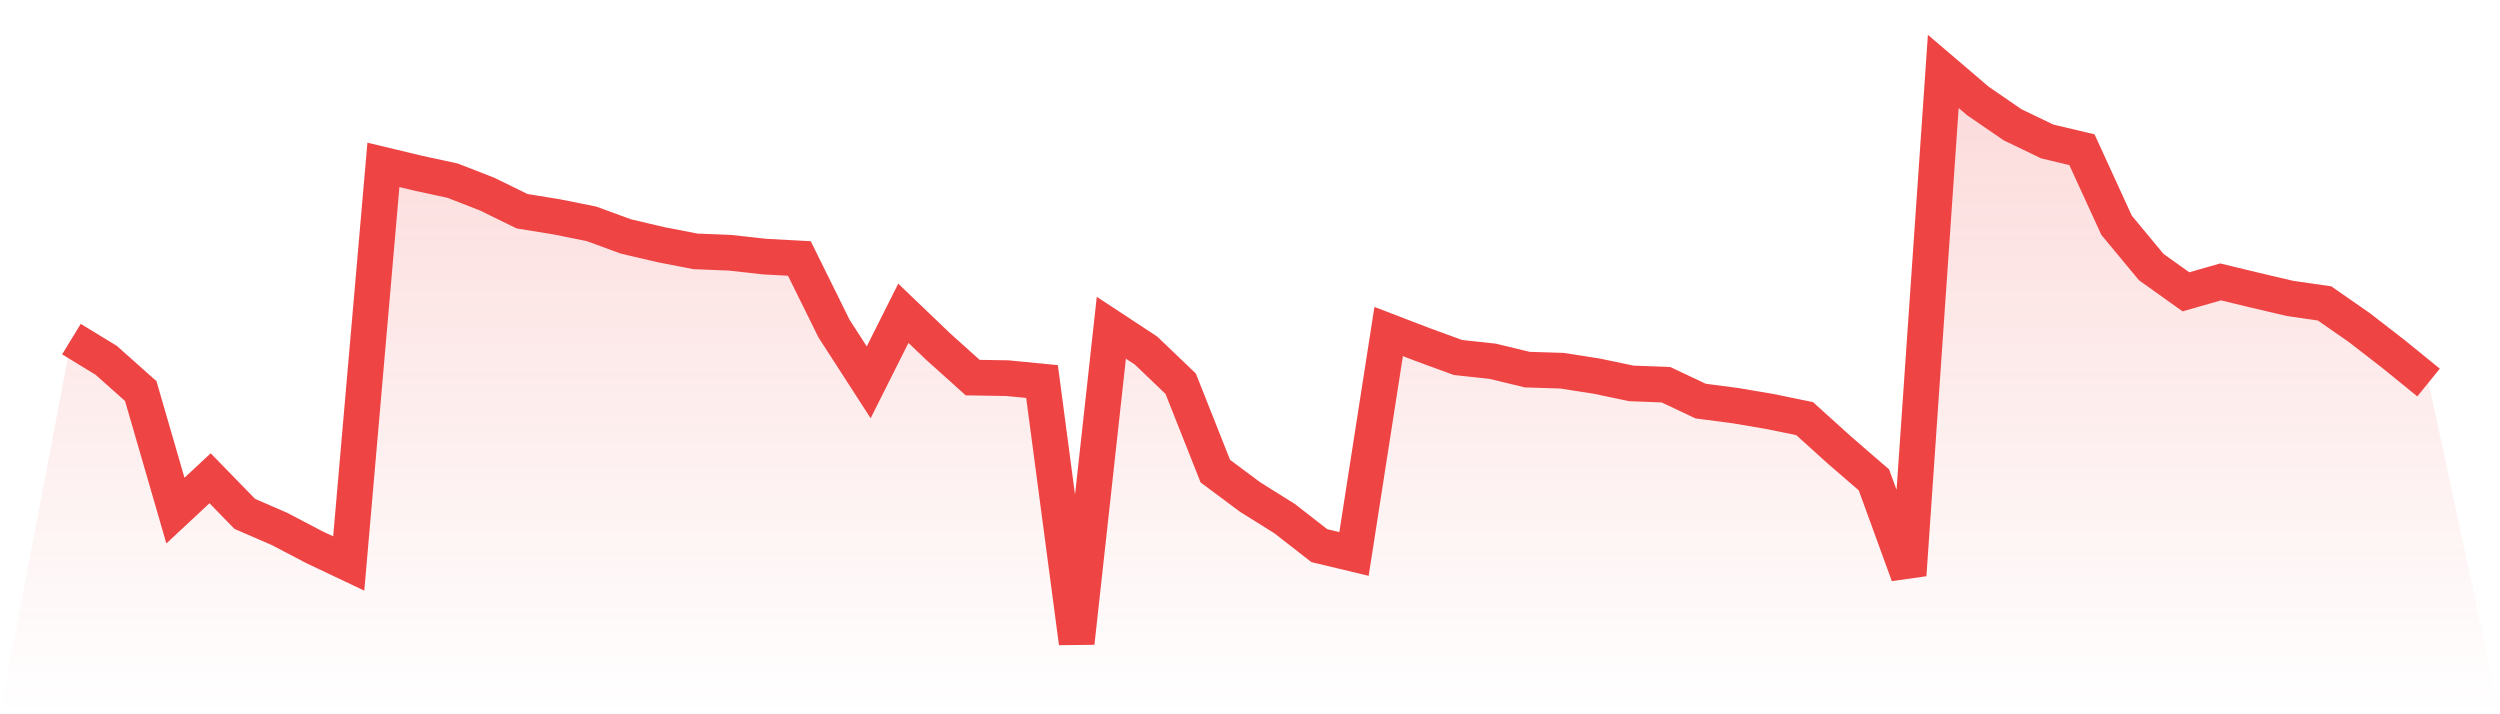 <svg viewBox="0 0 140 40" xmlns="http://www.w3.org/2000/svg">
<defs>
<linearGradient id="gradient" x1="0" x2="0" y1="0" y2="1">
<stop offset="0%" stop-color="#ef4444" stop-opacity="0.2"/>
<stop offset="100%" stop-color="#ef4444" stop-opacity="0"/>
</linearGradient>
</defs>
<path d="M4,18.99 L4,18.99 L5.941,20.173 L7.882,21.9 L9.824,28.593 L11.765,26.783 L13.706,28.777 L15.647,29.618 L17.588,30.635 L19.529,31.556 L21.471,9.233 L23.412,9.698 L25.353,10.119 L27.294,10.877 L29.235,11.828 L31.176,12.144 L33.118,12.534 L35.059,13.244 L37,13.699 L38.941,14.076 L40.882,14.155 L42.824,14.37 L44.765,14.475 L46.706,18.402 L48.647,21.409 L50.588,17.543 L52.529,19.402 L54.471,21.146 L56.412,21.177 L58.353,21.365 L60.294,36 L62.235,18.354 L64.176,19.63 L66.118,21.488 L68.059,26.384 L70,27.83 L71.941,29.044 L73.882,30.556 L75.824,31.021 L77.765,18.565 L79.706,19.31 L81.647,20.02 L83.588,20.23 L85.529,20.699 L87.471,20.76 L89.412,21.063 L91.353,21.47 L93.294,21.545 L95.235,22.461 L97.176,22.715 L99.118,23.044 L101.059,23.443 L103,25.196 L104.941,26.875 L106.882,32.2 L108.824,4 L110.765,5.657 L112.706,6.989 L114.647,7.923 L116.588,8.383 L118.529,12.617 L120.471,14.957 L122.412,16.342 L124.353,15.786 L126.294,16.255 L128.235,16.711 L130.176,16.991 L132.118,18.341 L134.059,19.844 L136,21.422 L140,40 L0,40 z" fill="url(#gradient)"/>
<path d="M4,18.99 L4,18.99 L5.941,20.173 L7.882,21.9 L9.824,28.593 L11.765,26.783 L13.706,28.777 L15.647,29.618 L17.588,30.635 L19.529,31.556 L21.471,9.233 L23.412,9.698 L25.353,10.119 L27.294,10.877 L29.235,11.828 L31.176,12.144 L33.118,12.534 L35.059,13.244 L37,13.699 L38.941,14.076 L40.882,14.155 L42.824,14.37 L44.765,14.475 L46.706,18.402 L48.647,21.409 L50.588,17.543 L52.529,19.402 L54.471,21.146 L56.412,21.177 L58.353,21.365 L60.294,36 L62.235,18.354 L64.176,19.63 L66.118,21.488 L68.059,26.384 L70,27.83 L71.941,29.044 L73.882,30.556 L75.824,31.021 L77.765,18.565 L79.706,19.31 L81.647,20.02 L83.588,20.23 L85.529,20.699 L87.471,20.76 L89.412,21.063 L91.353,21.47 L93.294,21.545 L95.235,22.461 L97.176,22.715 L99.118,23.044 L101.059,23.443 L103,25.196 L104.941,26.875 L106.882,32.2 L108.824,4 L110.765,5.657 L112.706,6.989 L114.647,7.923 L116.588,8.383 L118.529,12.617 L120.471,14.957 L122.412,16.342 L124.353,15.786 L126.294,16.255 L128.235,16.711 L130.176,16.991 L132.118,18.341 L134.059,19.844 L136,21.422" fill="none" stroke="#ef4444" stroke-width="2"/>
</svg>
◆ ◆ ◆ ◆ ◆ ◆ ◆
TASK STATEMENT: The preceding entries are to be returned verbatim, with every picture excluded.

RESULT:
 <svg viewBox="0 0 140 40" xmlns="http://www.w3.org/2000/svg">
<defs>
<linearGradient id="gradient" x1="0" x2="0" y1="0" y2="1">
<stop offset="0%" stop-color="#ef4444" stop-opacity="0.2"/>
<stop offset="100%" stop-color="#ef4444" stop-opacity="0"/>
</linearGradient>
</defs>
<path d="M4,18.99 L4,18.99 L5.941,20.173 L7.882,21.9 L9.824,28.593 L11.765,26.783 L13.706,28.777 L15.647,29.618 L17.588,30.635 L19.529,31.556 L21.471,9.233 L23.412,9.698 L25.353,10.119 L27.294,10.877 L29.235,11.828 L31.176,12.144 L33.118,12.534 L35.059,13.244 L37,13.699 L38.941,14.076 L40.882,14.155 L42.824,14.37 L44.765,14.475 L46.706,18.402 L48.647,21.409 L50.588,17.543 L52.529,19.402 L54.471,21.146 L56.412,21.177 L58.353,21.365 L60.294,36 L62.235,18.354 L64.176,19.63 L66.118,21.488 L68.059,26.384 L70,27.83 L71.941,29.044 L73.882,30.556 L75.824,31.021 L77.765,18.565 L79.706,19.31 L81.647,20.02 L83.588,20.23 L85.529,20.699 L87.471,20.76 L89.412,21.063 L91.353,21.47 L93.294,21.545 L95.235,22.461 L97.176,22.715 L99.118,23.044 L101.059,23.443 L103,25.196 L104.941,26.875 L106.882,32.2 L108.824,4 L110.765,5.657 L112.706,6.989 L114.647,7.923 L116.588,8.383 L118.529,12.617 L120.471,14.957 L122.412,16.342 L124.353,15.786 L126.294,16.255 L128.235,16.711 L130.176,16.991 L132.118,18.341 L134.059,19.844 L136,21.422 L140,40 L0,40 z" fill="url(#gradient)"/>
<path d="M4,18.99 L4,18.99 L5.941,20.173 L7.882,21.9 L9.824,28.593 L11.765,26.783 L13.706,28.777 L15.647,29.618 L17.588,30.635 L19.529,31.556 L21.471,9.233 L23.412,9.698 L25.353,10.119 L27.294,10.877 L29.235,11.828 L31.176,12.144 L33.118,12.534 L35.059,13.244 L37,13.699 L38.941,14.076 L40.882,14.155 L42.824,14.37 L44.765,14.475 L46.706,18.402 L48.647,21.409 L50.588,17.543 L52.529,19.402 L54.471,21.146 L56.412,21.177 L58.353,21.365 L60.294,36 L62.235,18.354 L64.176,19.63 L66.118,21.488 L68.059,26.384 L70,27.83 L71.941,29.044 L73.882,30.556 L75.824,31.021 L77.765,18.565 L79.706,19.31 L81.647,20.02 L83.588,20.23 L85.529,20.699 L87.471,20.76 L89.412,21.063 L91.353,21.47 L93.294,21.545 L95.235,22.461 L97.176,22.715 L99.118,23.044 L101.059,23.443 L103,25.196 L104.941,26.875 L106.882,32.2 L108.824,4 L110.765,5.657 L112.706,6.989 L114.647,7.923 L116.588,8.383 L118.529,12.617 L120.471,14.957 L122.412,16.342 L124.353,15.786 L126.294,16.255 L128.235,16.711 L130.176,16.991 L132.118,18.341 L134.059,19.844 L136,21.422" fill="none" stroke="#ef4444" stroke-width="2"/>
</svg>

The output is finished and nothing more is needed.